Fristbeginn bei unrichtigem Empfangsbekenntnis

Weist das Empfangsbekenntnis eines Anwalts ein unrichtiges Datum aus, kann er den tatsächlichen Zugang nachweisen. Für den Lauf der Begründungsfrist ist nach Ansicht des Bundesgerichtshofs auf den Zeitpunkt des tatsächlichen Erhalts des Urteils abzustellen. Dieser müsse aber nachgewiesen werden. Hierzu könnten unter anderem Auszüge aus dem Fristenkalender vorgelegt werden.

Falsches Datum

Das Landgericht Berlin hatte einen Angeklagten am 07.12.2020 wegen gefährlicher Körperverletzung verurteilt. Das Urteil wurde seinem Verteidiger am 15.02.2021 zugestellt. Dieser hatte auf dem Empfangsbekenntnis fälschlicherweise den 12.02.2021 vermerkt. Die Revisionsbegründung ging beim Landgericht am 15.03.2021 – am eigentlich letzten Tag der Monatsfrist – ein. Das Gericht verwarf das Rechtsmittel als unzulässig, da die auf Basis des Empfangsbekenntnisses berechnete Monatsfrist des § 345 Abs. 1 StPO nicht gewahrt worden sei. Drei Tage nach Zustellung des Beschlusses stellte der Angeklagte einen Antrag auf Wiedereinsetzung in den vorigen Stand und beantragte gerichtliche Entscheidung nach § 346 Abs. 2 Satz 1 StPO. Der Anwalt legte seinen Fehler dar. Die Revision war erfolglos, aber zulässig.

Von der Richtigkeit des tatsächlichen Erhalts überzeugt

Der 5. Strafsenat glaubte dem Verteidiger, dass er das Urteil erst am 15.02.2021 erhalten hatte. Entscheidend für den Beginn der Frist sei der Zeitpunkt des tatsächlichen Erhalts der Urteilsabschrift. Das sei entsprechend dem berichtigten Datum erst drei Tage später der Fall gewesen. Aus Sicht des Generalbundesanwalts – dessen Überlegungen sich die BGH-Richter anschlossen – sprach für den Vortrag des Juristen, dass er mithilfe eines Auszugs aus seinem Fristenkalender belegen konnte, dass dort jeweils der 15. des Monats für Fristbeginn und –ende eingetragen worden sei.

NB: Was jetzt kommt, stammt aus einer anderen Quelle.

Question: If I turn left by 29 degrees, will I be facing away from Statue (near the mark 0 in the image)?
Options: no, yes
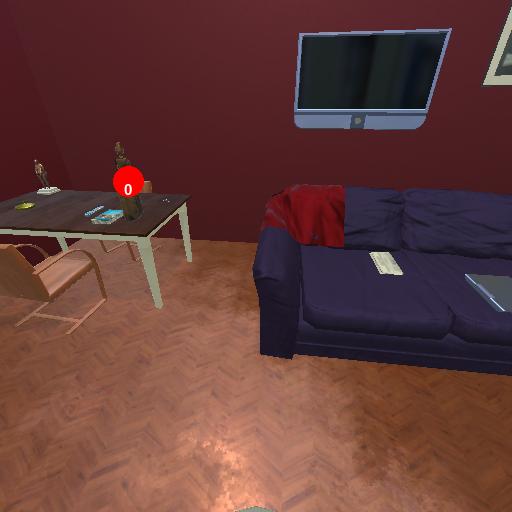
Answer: no
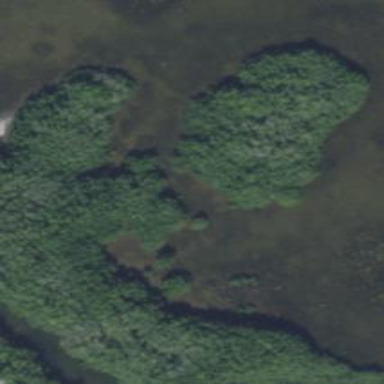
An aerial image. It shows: Wetland area with mangrove vegetation.

Auch habe er die Umstände des Zugangs näher dargelegt und versichert. Zudem sei das Empfangsbekenntnis ausweislich des Übertragungsvermerks am Kopf des Fax-Ausdrucks erst am 15.02.2021 beim LG eingegangen. Der zugleich gestellte Antrag auf Wiedereinsetzung gegen die Versäumung der Begründungsfrist sei damit gegenstandslos. Gemeinsam mit der Entscheidung nach § 346 StPO verwarf der BGH die Revision als unbegründet: Das Urteil beruhe jedenfalls nicht auf dem Unterlassen eines möglicherweise nach § 265 Abs. 2 Nr. 3 StPO gebotenen Hinweises auf eine veränderte Sachlage.

BGH, Beschluss vom 14.09.2021 - 5 StR 164/21

Redaktion beck-aktuell, 30. September 2021.